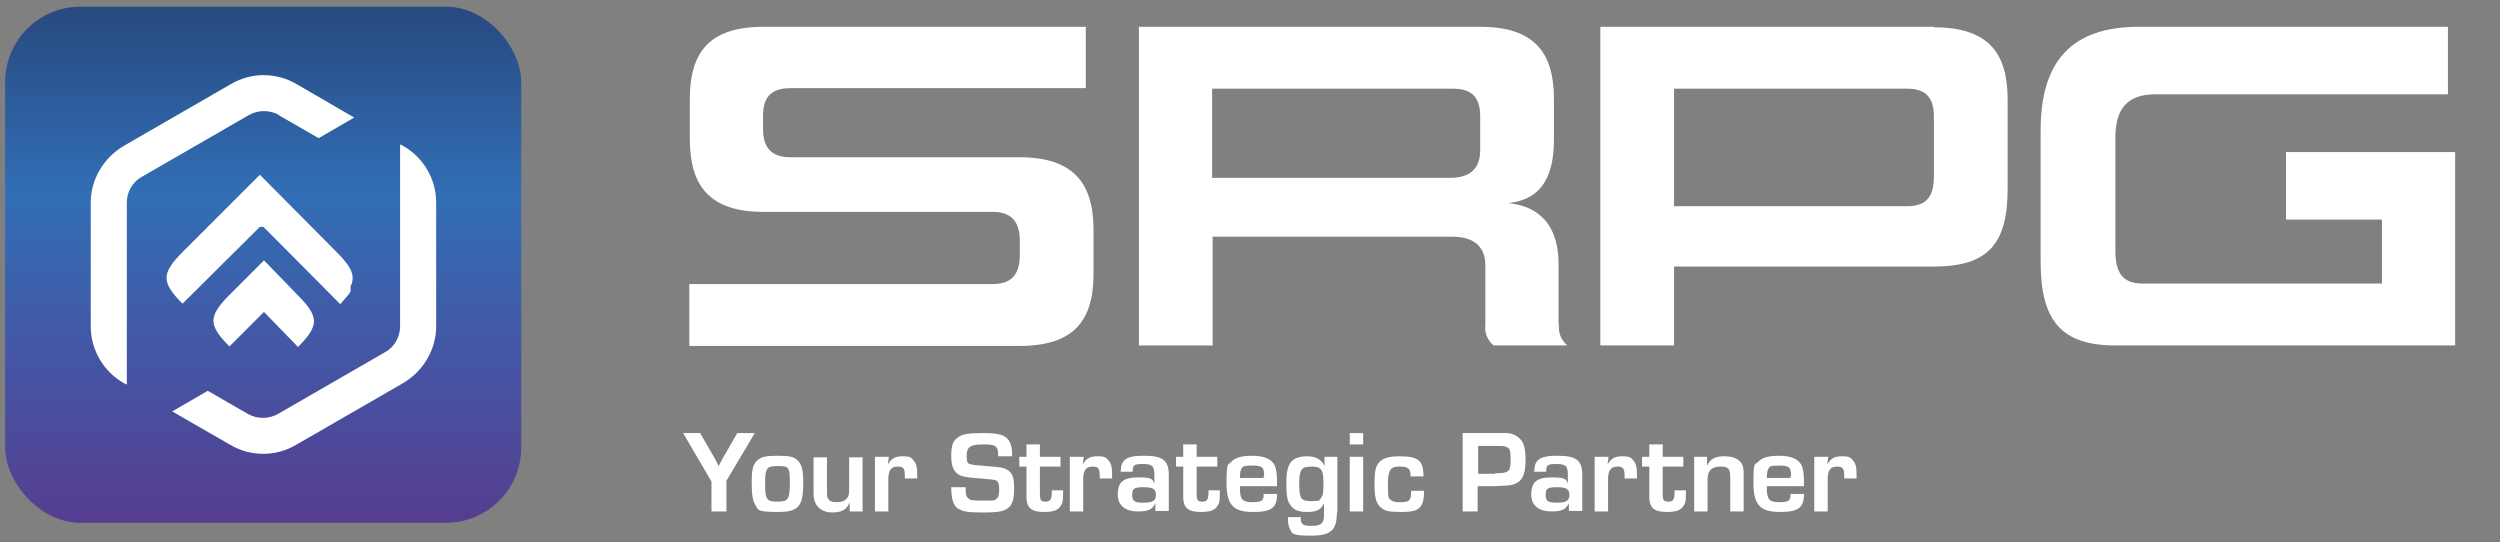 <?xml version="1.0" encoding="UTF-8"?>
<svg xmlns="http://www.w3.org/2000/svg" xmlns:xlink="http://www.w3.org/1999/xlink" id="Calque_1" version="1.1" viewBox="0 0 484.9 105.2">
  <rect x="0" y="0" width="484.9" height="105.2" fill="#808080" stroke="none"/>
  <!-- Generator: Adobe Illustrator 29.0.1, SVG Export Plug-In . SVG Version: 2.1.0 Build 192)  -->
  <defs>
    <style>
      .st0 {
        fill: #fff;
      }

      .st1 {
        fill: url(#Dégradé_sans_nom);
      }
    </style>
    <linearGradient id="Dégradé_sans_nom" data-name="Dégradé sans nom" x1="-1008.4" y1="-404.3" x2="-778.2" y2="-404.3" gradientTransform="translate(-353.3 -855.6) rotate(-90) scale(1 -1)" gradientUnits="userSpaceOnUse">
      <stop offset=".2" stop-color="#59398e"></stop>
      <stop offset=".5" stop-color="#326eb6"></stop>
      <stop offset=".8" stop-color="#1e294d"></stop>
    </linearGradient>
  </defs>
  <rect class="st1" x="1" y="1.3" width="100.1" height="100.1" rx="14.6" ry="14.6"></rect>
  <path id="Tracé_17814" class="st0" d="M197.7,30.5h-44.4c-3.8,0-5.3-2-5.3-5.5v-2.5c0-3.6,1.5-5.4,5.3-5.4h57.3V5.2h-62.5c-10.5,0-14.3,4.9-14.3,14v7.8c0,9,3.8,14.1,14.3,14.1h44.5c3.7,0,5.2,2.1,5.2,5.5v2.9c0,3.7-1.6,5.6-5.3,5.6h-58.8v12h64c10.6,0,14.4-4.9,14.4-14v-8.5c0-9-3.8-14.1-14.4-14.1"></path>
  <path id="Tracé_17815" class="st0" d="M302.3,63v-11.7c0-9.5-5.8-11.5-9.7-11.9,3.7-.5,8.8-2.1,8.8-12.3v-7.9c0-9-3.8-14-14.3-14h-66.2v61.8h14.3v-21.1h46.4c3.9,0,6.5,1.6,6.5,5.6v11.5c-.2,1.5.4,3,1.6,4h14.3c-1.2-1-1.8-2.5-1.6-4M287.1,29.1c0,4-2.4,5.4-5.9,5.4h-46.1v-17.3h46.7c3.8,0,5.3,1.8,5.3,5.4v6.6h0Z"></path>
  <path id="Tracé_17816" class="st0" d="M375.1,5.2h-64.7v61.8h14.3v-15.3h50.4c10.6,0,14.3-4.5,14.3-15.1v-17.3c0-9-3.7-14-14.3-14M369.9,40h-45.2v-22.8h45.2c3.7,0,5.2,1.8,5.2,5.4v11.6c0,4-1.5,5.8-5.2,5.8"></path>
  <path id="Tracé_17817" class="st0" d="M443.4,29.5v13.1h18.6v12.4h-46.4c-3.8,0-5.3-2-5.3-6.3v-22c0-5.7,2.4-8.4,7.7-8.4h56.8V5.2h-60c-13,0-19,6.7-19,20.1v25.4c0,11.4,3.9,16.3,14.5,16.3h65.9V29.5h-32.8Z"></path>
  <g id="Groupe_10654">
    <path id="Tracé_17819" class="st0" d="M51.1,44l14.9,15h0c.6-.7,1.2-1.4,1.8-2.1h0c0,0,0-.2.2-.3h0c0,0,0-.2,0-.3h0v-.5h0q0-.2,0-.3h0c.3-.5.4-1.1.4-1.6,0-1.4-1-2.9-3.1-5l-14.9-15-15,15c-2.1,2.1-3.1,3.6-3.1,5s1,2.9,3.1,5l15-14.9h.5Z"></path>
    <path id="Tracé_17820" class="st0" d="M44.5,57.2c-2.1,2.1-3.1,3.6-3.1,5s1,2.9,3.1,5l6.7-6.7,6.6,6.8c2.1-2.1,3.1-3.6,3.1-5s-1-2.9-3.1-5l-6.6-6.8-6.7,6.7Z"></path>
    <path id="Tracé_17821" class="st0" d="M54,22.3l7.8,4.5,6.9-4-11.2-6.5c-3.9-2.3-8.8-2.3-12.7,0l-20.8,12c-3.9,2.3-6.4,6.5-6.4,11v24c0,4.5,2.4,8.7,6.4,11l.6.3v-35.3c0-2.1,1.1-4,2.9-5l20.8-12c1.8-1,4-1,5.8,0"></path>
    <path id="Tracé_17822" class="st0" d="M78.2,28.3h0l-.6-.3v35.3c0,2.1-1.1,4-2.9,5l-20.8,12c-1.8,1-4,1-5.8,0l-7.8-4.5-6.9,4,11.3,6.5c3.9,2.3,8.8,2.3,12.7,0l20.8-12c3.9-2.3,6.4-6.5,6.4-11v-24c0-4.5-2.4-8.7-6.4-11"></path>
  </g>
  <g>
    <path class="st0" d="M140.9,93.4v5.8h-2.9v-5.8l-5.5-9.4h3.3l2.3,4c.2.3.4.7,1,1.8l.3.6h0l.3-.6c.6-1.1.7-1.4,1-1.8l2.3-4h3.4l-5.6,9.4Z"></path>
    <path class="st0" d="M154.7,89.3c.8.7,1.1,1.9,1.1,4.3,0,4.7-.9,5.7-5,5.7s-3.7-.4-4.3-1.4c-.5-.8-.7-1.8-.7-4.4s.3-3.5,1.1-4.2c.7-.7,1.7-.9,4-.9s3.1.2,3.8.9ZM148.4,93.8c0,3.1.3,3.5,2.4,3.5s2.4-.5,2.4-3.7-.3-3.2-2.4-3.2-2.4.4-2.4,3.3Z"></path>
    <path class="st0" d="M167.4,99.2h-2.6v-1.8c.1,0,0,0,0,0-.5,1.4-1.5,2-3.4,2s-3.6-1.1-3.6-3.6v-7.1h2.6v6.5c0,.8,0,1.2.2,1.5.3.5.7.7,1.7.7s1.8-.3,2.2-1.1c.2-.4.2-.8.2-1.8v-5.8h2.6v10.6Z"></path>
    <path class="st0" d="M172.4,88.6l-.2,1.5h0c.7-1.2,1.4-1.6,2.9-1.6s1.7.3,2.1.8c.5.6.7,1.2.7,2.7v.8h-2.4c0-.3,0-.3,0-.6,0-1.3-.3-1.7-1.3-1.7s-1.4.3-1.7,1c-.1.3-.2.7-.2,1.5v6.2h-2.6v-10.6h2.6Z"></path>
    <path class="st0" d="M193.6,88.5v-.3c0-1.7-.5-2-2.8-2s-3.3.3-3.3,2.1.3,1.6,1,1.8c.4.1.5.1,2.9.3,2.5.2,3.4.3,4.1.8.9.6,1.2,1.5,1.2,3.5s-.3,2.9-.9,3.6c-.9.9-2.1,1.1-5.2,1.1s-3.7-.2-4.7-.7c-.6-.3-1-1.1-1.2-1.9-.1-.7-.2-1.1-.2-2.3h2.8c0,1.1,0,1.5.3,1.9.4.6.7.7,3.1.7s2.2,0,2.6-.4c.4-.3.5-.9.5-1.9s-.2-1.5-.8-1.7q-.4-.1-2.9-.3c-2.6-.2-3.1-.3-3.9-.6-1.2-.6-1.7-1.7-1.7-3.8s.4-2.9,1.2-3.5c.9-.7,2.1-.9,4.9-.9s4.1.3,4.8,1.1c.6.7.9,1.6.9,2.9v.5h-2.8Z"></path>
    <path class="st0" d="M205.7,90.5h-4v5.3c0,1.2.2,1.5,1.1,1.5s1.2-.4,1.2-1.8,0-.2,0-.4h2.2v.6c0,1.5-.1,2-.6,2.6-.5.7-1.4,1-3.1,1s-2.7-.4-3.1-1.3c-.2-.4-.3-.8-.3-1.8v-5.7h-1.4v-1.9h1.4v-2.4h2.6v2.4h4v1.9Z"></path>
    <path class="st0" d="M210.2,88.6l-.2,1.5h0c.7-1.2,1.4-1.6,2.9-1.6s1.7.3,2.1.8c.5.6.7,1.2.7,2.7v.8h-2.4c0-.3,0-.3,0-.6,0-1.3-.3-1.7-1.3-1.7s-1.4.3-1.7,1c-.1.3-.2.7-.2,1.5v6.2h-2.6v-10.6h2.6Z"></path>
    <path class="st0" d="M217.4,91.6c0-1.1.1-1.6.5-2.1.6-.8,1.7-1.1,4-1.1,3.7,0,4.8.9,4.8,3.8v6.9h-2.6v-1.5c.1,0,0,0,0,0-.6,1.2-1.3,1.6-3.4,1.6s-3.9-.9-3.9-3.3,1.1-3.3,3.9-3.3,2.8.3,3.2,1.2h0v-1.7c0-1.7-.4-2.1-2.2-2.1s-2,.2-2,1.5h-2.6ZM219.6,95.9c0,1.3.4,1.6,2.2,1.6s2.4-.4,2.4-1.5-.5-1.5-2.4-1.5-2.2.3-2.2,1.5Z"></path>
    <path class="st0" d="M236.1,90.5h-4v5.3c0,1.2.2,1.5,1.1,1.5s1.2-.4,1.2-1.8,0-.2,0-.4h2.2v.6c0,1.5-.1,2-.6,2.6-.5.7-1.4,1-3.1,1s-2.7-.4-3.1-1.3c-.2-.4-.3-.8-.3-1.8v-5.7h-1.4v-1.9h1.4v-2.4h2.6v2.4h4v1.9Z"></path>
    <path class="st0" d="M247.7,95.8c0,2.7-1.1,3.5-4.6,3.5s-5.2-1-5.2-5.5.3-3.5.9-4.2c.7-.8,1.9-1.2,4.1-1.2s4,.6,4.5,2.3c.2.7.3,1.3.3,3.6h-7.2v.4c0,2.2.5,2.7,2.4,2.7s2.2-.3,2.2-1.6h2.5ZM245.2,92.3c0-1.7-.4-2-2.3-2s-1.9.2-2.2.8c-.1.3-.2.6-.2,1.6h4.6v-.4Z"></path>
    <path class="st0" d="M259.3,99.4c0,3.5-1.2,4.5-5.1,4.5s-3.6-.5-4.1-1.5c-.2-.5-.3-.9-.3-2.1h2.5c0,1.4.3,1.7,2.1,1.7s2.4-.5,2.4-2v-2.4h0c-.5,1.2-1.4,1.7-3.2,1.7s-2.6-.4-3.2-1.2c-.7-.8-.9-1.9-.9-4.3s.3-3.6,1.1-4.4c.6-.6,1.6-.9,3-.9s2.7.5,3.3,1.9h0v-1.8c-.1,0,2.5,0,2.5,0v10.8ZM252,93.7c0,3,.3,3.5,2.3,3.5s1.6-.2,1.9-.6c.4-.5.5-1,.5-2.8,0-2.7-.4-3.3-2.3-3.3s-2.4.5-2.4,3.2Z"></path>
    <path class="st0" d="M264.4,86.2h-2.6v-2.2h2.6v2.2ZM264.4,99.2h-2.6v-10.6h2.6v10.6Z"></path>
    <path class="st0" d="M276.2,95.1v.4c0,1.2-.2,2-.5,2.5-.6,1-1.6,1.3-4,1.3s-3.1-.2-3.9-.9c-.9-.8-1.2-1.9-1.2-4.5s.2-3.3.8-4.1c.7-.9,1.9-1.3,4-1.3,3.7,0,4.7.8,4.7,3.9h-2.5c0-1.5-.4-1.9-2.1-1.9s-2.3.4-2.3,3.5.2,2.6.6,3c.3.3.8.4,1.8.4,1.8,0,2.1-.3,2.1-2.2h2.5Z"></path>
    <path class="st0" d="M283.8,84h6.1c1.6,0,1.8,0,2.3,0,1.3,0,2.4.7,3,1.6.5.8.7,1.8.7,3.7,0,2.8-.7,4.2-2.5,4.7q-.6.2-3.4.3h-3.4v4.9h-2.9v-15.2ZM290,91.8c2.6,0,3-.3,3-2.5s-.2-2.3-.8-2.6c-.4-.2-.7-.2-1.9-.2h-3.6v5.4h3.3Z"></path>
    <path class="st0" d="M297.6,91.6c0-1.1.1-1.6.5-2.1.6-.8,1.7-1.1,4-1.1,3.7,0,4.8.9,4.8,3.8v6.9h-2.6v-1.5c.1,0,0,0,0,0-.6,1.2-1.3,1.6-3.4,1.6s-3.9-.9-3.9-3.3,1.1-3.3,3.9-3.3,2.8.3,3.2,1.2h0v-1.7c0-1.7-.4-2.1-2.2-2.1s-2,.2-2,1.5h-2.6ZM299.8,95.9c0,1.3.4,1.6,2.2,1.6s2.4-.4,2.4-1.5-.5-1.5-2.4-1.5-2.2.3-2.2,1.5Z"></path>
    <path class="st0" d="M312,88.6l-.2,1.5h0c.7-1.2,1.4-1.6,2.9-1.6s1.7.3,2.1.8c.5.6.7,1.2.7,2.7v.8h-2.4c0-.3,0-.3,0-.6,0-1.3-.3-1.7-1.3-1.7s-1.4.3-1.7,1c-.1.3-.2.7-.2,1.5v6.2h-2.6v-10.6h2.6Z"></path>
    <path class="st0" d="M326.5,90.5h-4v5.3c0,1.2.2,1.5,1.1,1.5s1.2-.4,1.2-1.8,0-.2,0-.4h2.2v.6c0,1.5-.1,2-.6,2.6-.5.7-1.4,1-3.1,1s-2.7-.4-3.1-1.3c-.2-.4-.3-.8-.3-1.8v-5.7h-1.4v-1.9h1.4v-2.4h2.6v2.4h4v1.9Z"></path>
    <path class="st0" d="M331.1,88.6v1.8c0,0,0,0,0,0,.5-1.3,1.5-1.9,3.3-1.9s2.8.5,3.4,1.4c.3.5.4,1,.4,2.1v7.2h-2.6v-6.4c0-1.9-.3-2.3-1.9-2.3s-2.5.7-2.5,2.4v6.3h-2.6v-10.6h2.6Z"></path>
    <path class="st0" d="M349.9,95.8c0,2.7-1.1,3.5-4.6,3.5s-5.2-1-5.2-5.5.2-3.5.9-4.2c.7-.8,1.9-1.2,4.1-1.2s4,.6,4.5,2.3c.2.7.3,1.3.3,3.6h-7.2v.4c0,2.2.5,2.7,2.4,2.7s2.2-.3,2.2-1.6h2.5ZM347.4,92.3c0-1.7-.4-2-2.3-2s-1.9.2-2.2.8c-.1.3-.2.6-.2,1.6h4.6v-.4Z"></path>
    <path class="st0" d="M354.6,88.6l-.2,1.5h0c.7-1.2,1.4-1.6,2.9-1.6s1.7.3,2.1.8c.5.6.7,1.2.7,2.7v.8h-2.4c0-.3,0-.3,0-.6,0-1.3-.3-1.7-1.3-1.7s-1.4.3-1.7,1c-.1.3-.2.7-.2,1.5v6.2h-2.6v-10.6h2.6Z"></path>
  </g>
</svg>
==================================================
## Work task
Report each line in the data above that holds the word "rect" by copying it.

## Answer to this problem
  <rect x="0" y="0" width="484.9" height="105.2" fill="#808080" stroke="none"/>
  <rect class="st1" x="1" y="1.3" width="100.1" height="100.1" rx="14.6" ry="14.6"></rect>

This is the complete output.